En estos ocho meses otra de las cosas que he hecho ha sido conocer Paris, porque, señoras y señores, moi no conocía Paris. Bueno, lo de no conocer Paris es algo que en el mundo occidental casi, casi, no se puede afirmar, porque ¡todo el mundo conoce Paris! Todos hemos disfrutado con las aventuras de d´Artagnan y sus tres amigos aunque sea en cualquiera de las múltiples versiones existentes en el cine (lástima que seamos muchos menos los que nos hayamos deleitado con la lectura de la novela – muchos menos todavía con cualquiera de las dos siguientes obras con los mismos protagonistas, Veinte años después y El vizconde Bragelonne). Quien más quien menos conoce la triste historia del jorobado de Notre Dame y por lo tanto se ha deslumbrado, aunque sea mentalmente, con las vidrieras de dicha seo. Conocemos las calles de la ciudad que baña el Sena gracias a las miles de imágenes de aquel denostado mayo del año 68 o de cualquiera de las extraordinarias fotografías de los más prestigiosos fotógrafos de todos los tiempos. En nuestra memoria global de mentes occidentales, casi me atrevería a decir que de mentes europeas, porque América es otra historia, los años de la revolución francesa nos han marcado la manera de ser, pensar y actuar… o lo deberían haber hecho porque la Liberté, Fraternité y Egalité eran los cimientos de nuestras sociedades “democráticas”. Eran. En esa plaza de la Bastille, aunque sea con la imaginación, todos hemos visto rodar la cabeza del totalitarismo, cabeza que desgraciadamente volvió a surgir del cuerpo de la France. Todas y todos hemos recorrido los salones de la opulencia con sus miles de espejos en Versailles y ahí últimamente hemos bailado a ritmo de rock con las mismísima María Antonieta o cantado con Nicole Kidman en el Moulin Rouge. Hemos llorado la muerte de Mimi en el Barrio Latino con la ópera La Bohème y nos hemos deleitado con los versos de Cyrano en ese Paris del XVII. Hemos estudiado la historia y el misterio que rodean la obra quizás más famosa del museo quizás más famoso del mundo, La Gioconda, Mona Lisa en el Louvre, el antiguo palacio donde Athos, Portos y Aramis prestan sus servicios junto al gascón… y volvemos al principio. Paris. Lo siento, tengo que ponerlo. La Bergman y mister Bogart nos lo dijeron bien claro. Siempre nos quedará Paris.

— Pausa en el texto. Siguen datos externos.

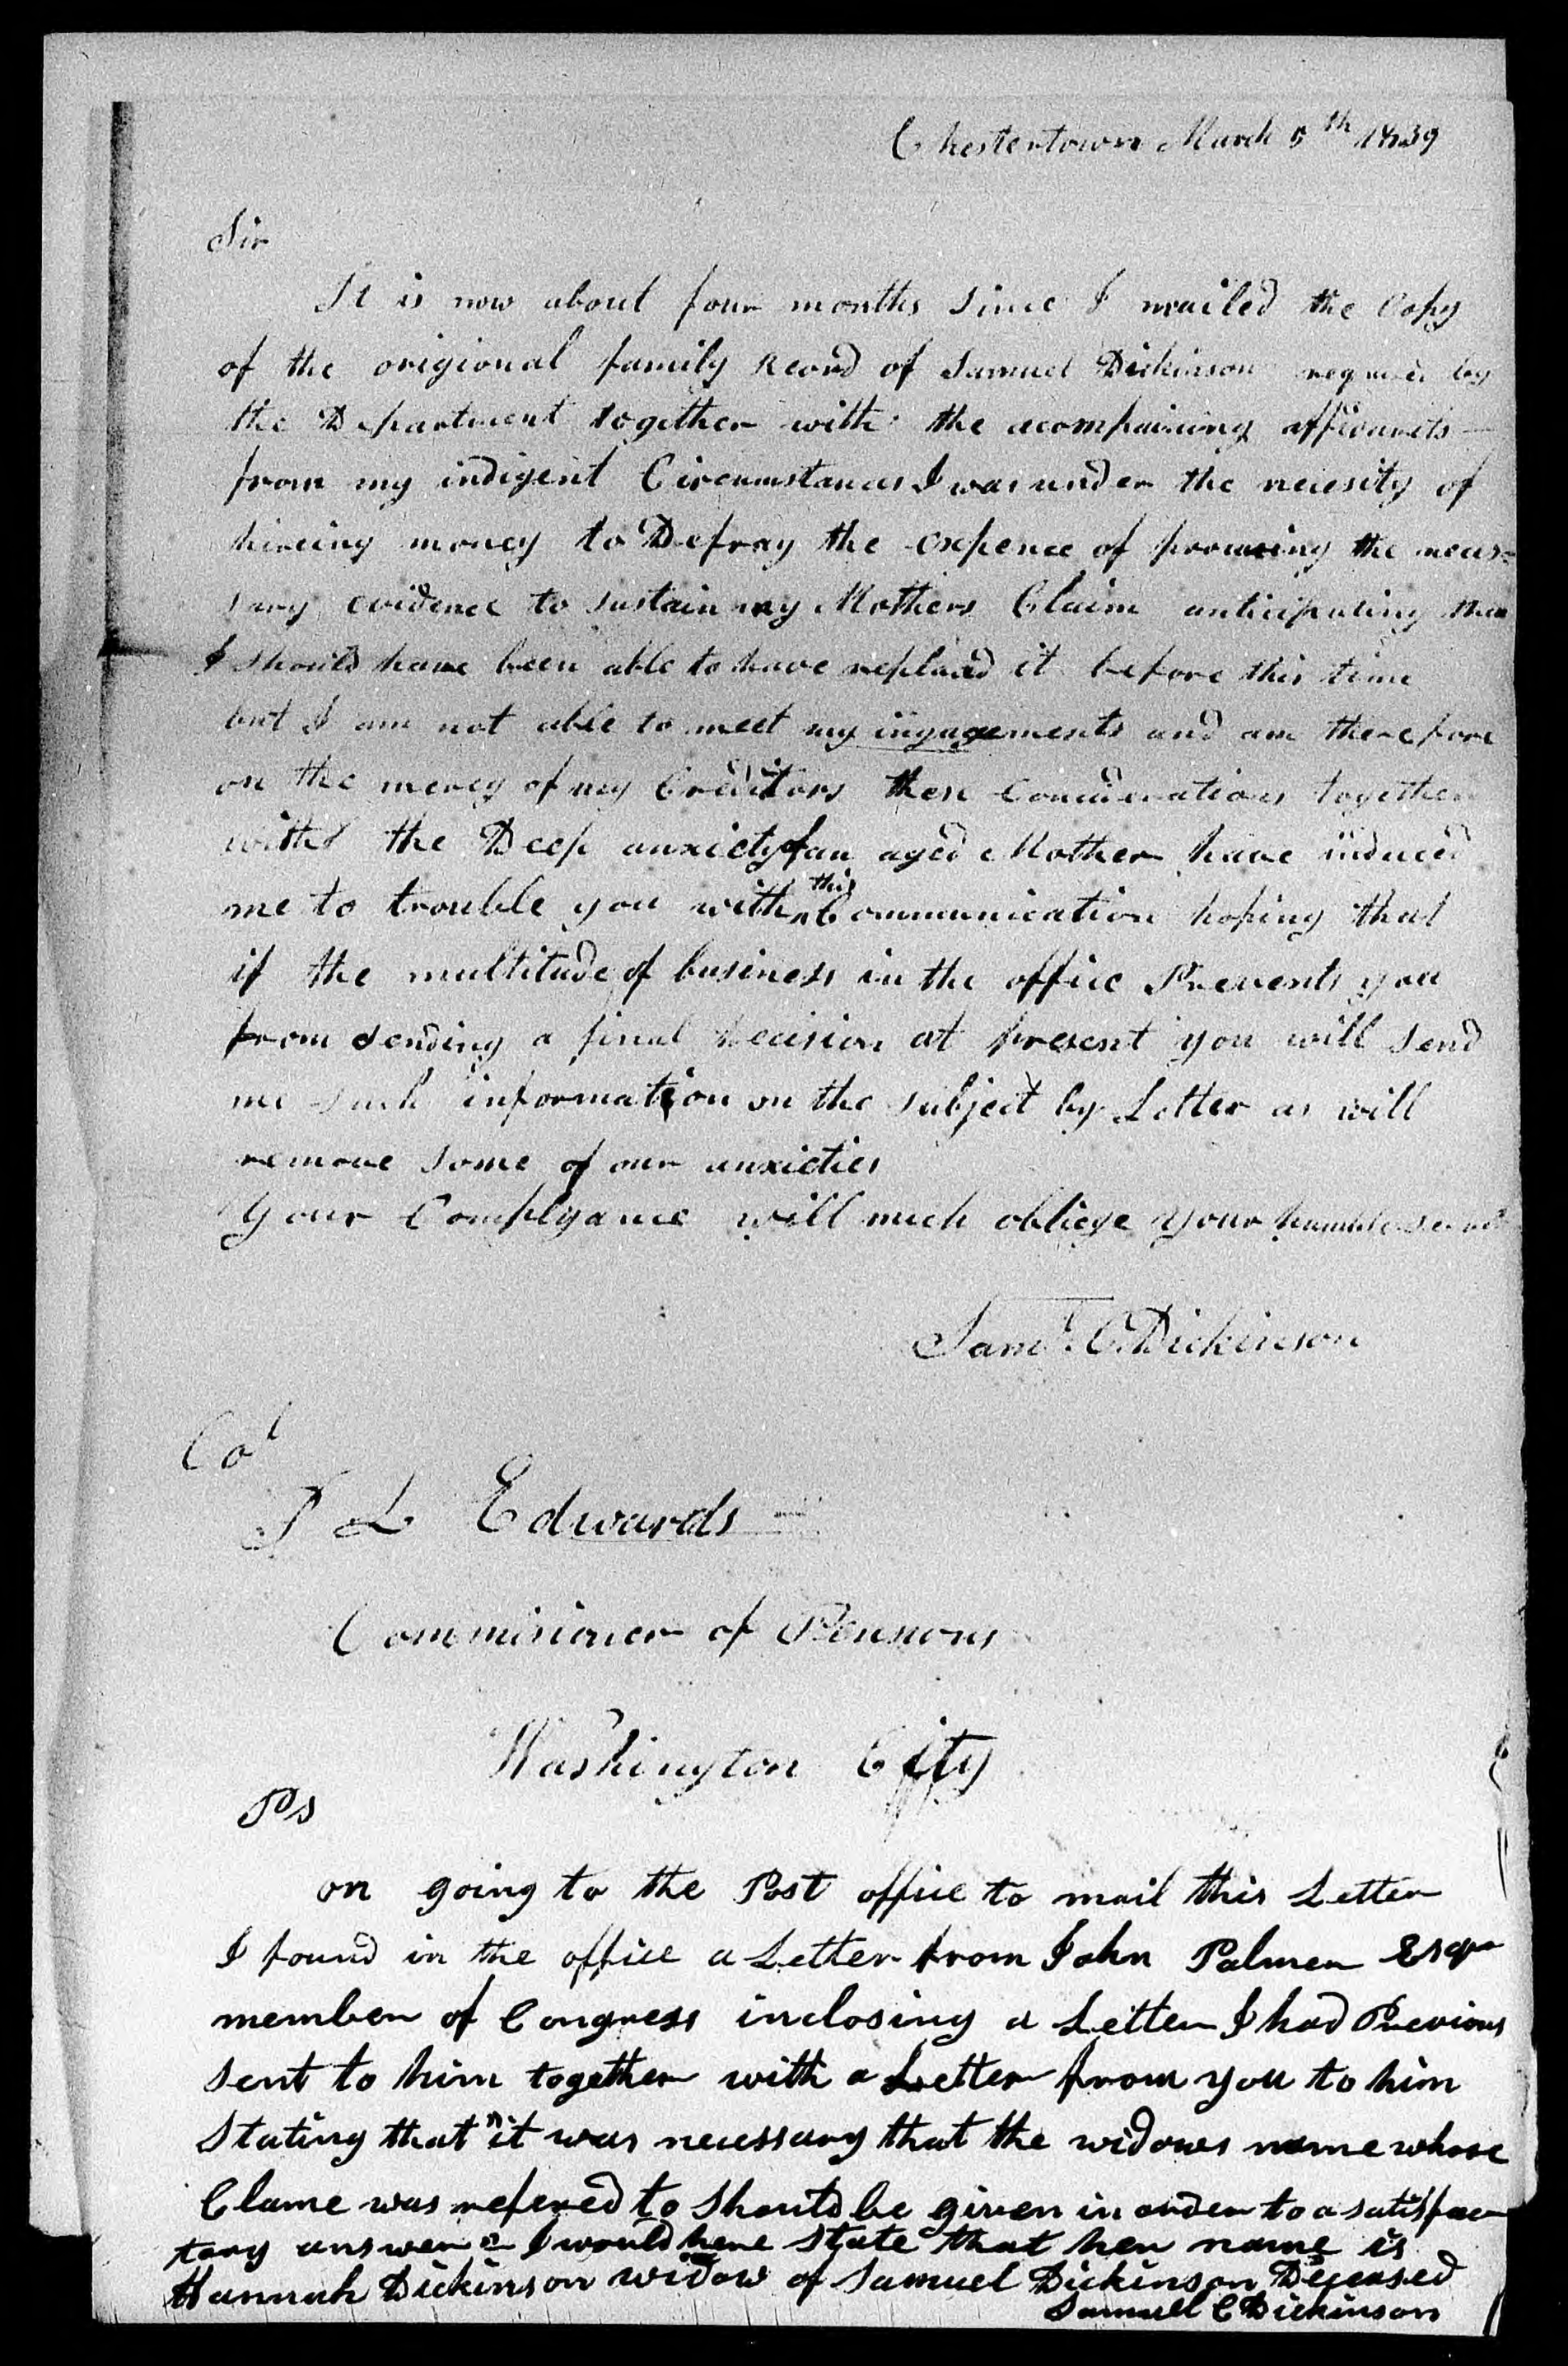Chestertown March 5th 1839
Sir
It is now about four months since I mailed the copy of the original family record of Samuel Dickinson required by the Department together with the accompanying affidavits - from my indigent circumstances I was under the necessity of [illegible] money to defray the expense of processing the necessary evidence to sustain my Mothers claim and anticipating that I should have been able to have replaced it before this time but I am not able to meet my ingagements and am therefore on the mercy of my creditors  their consideration together with the deep anxiety of an aged mother have induced me to trouble you with this communication hoping that if the multitude of business in the office prevents you from sending a final decision at present you send me such information on the subject by letter as it will remove some of our anxieties.
Your compliance will much oblige your humble servant
Saml C. Dickinson
Col. J.L. Edwards
Commissioner of Pensions
Washington City
Ps
on going to the post office to mail this letter I found in the office a letter from John Palmer Esq member of Congress inclosing a letter I had previous sent to him together with a letter from you to him stating that it was necessary that the widows name whose claim was refered to should be given in order to satisfactarily answer and I would have state that her name is Hannah Dickinson widow of Samuel Dickinson deceased.
Samuel E Dickinson

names: Samuel Dickinson, Hannah Dickinson, John Palmer, Samuel Dickinson, Saml C Dickinson, Samuel C Dickinson, J L Edwards
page: 32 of 60
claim: widow's
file: W 16,955, Samuel Dickinson, Conn.

Y que quede claro que yo no vi todo eso. Me dediqué en los cuatro días que estuve a emborracharme de champagne, a cenar en un maravilloso pic-nic en el canal de Saint-Martin, ahí donde Amelie se dedica a tirar piedras, a intentar que mi amigo no roncase en la Ópera Garnier en la parte trasera del palco, a comer en el extraordinario restaurante del Instituto del Mundo Árabe, a visitar la exposición de Louise Bourgeois en el Pompidou, a deambular por el barrio parisino más “liberado“, Le Marais, a pasear en la noche por los jardines del Louvre, a dormir la siesta bajo la sombra de Eiffel, a pelearme con japonesas en las torres de Notre Dame mientras se sacaban fotografías con las gárgolas y a bailar en los puentes de Paris. Durmiendo poco, allí en Saint-Dennis, esa calle desde donde hacía su entrada en la ciudad el monarca francés y que luego ocuparon las prostitutas. Este año 2009, de nuevo, Paris.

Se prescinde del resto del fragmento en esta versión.